The noble Lord, Lord O'Neill of the Maine, is perhaps less well known to us from direct experience in this House than is the noble Baroness, but I think I speak for the whole House when I say that I know of no appointment to your Lordships' House that gave us greater satisfaction than that of the noble Lord, Lord O'Neill. In referring to his ancestry I have to be careful, because if we really looked at what his ancestors did it might give rise to further disturbances in Northern Ireland. But the name "O'Neill" is deeply embedded in Irish history and it is particularly satisfactory to us to recognise the noble Lord's own courageous efforts in the interests of peace and stability in his native Province. He knew full well the political risks he was taking, and although I believe every Member of your Lordships' House regretted his departure from the Premiership of Northern Ireland, we were very pleased to welcome him here. I repeat what I said when I wrote to him to congratulate him on his elevation: that we in your Lordships' House are all "O'Neillites" and that his qualities were recognised on both sides of the Border and both sides of the Irish Sea.

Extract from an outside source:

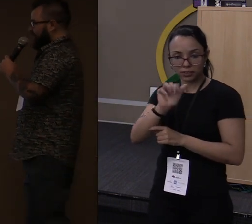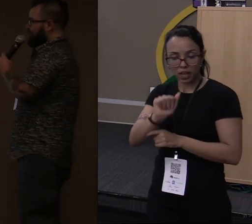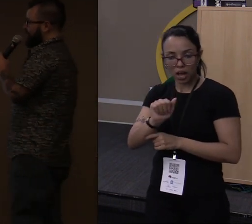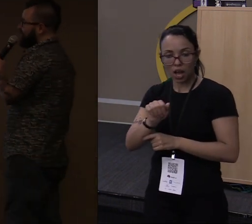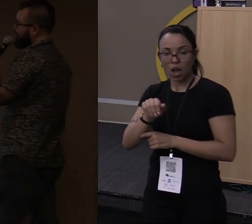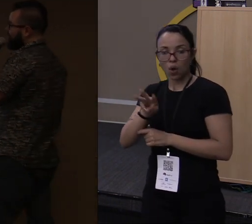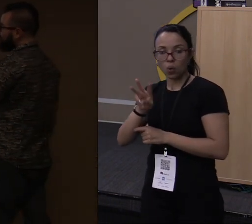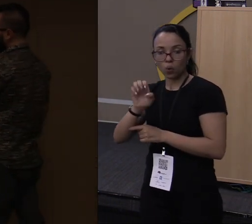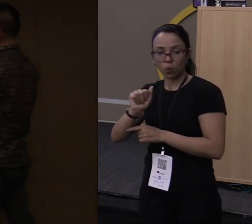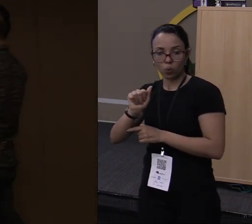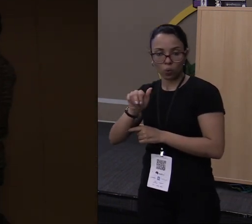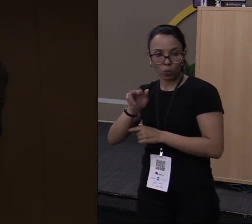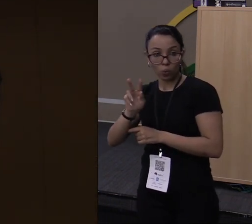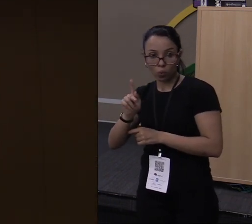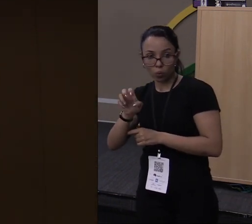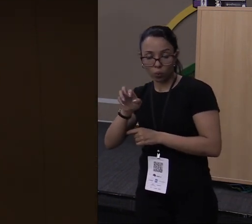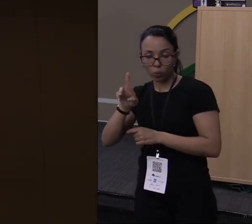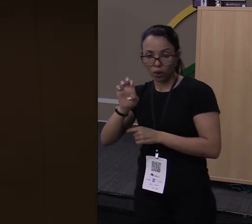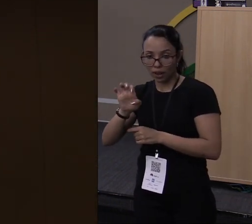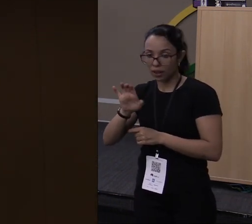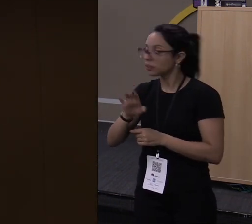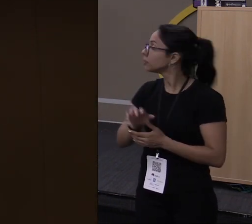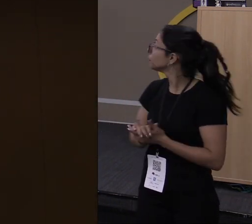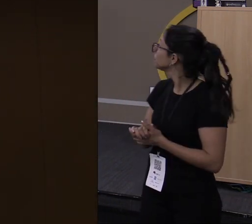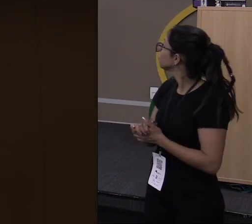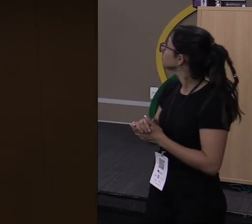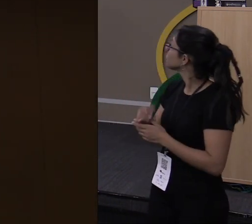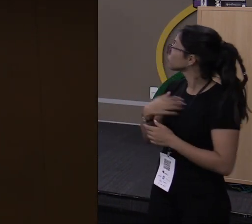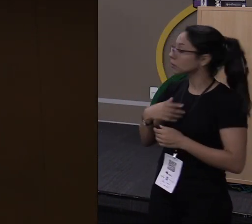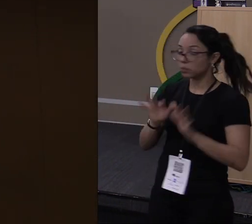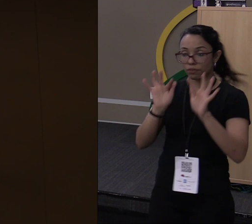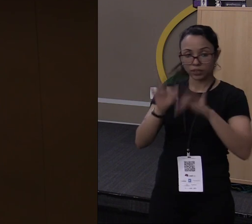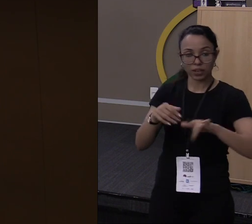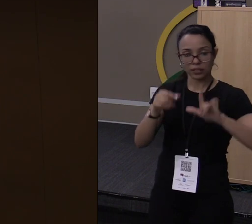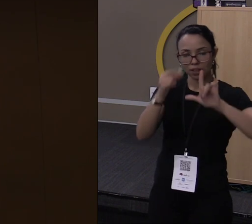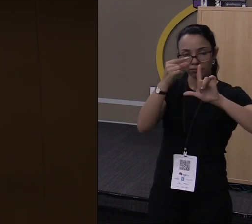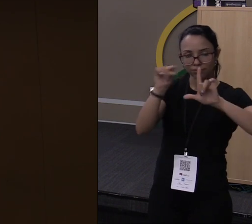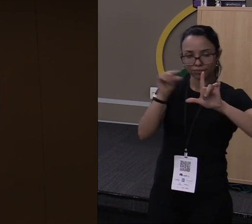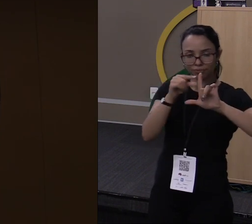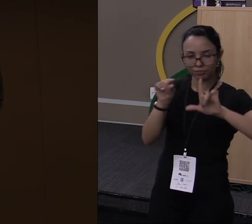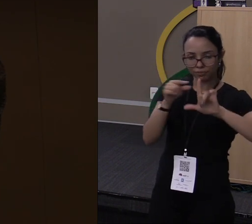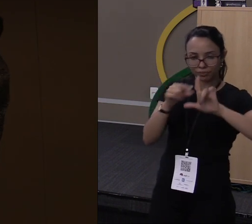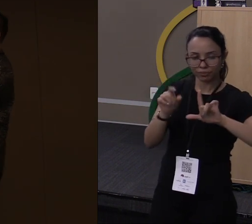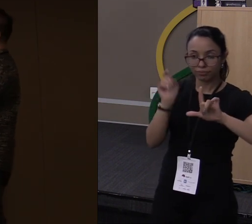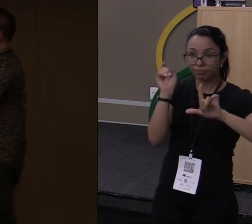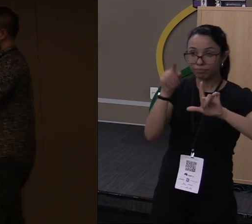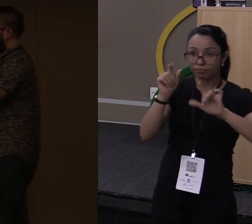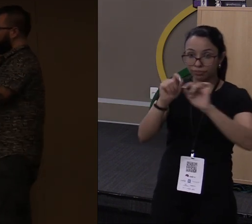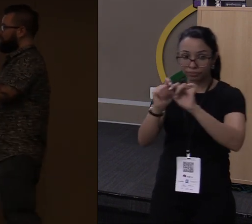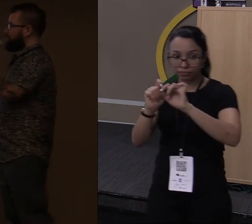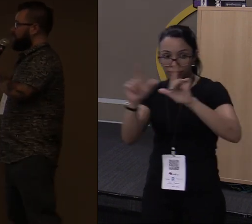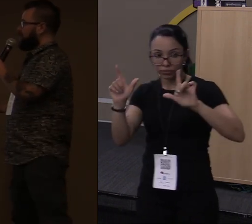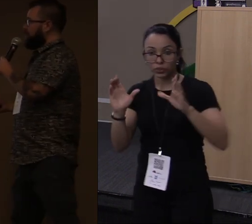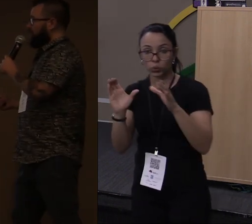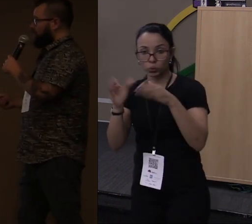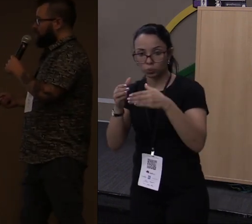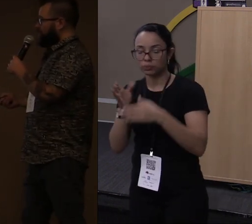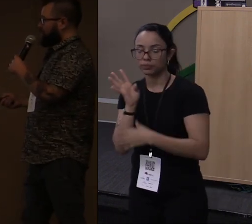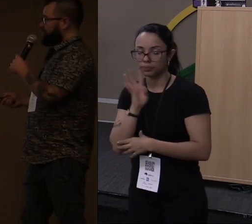Para finalizar, alguns links. t.me barra rust lang br. Entre nesse grupo porque ele é muito legal.

I notice there has been a good deal of publicity about the Prime Minister's love and interest in music, but he is not the only musician in the Conservative Party. Lord O'Neill is a devout music lover, so much so that I am told that during the last war he nearly endangered a military position a mere hundred yards from the enemy by arriving singing grand opera. And his love of music, which has taken him frequently to the Albert Hall, I am told is equalled by the loudness of his laugh, which on one occasion led to his expulsion. His speech reflected the wisdom and the toleration that we have expected from him; it was a speech of high calibre and its wisdom was appreciated by us all.

May I now turn to the noble Baroness's speech? It is always a salutary experience, when seeking to find out the quality of a politician, to ask the opinion of her political opponents. This I did; and I was impressed by the high regard in which she is held by those who have been engaged with her and her husband in local government. I am bound to say that we have all been deeply impressed by them both. I am not sure whether they were the first husband and wife Members of your Lorships' House. We seem to be adding to them. I am glad to see a new noble Baroness on the Front Bench opposite; and there are my noble friends Lord and Lady Llewelyn-Davies. The noble Lord, Lord Brooke, and the noble Baroness, will know that although on occasion I have made caustic remarks, this in no way detracts from my admiration for the noble Baroness.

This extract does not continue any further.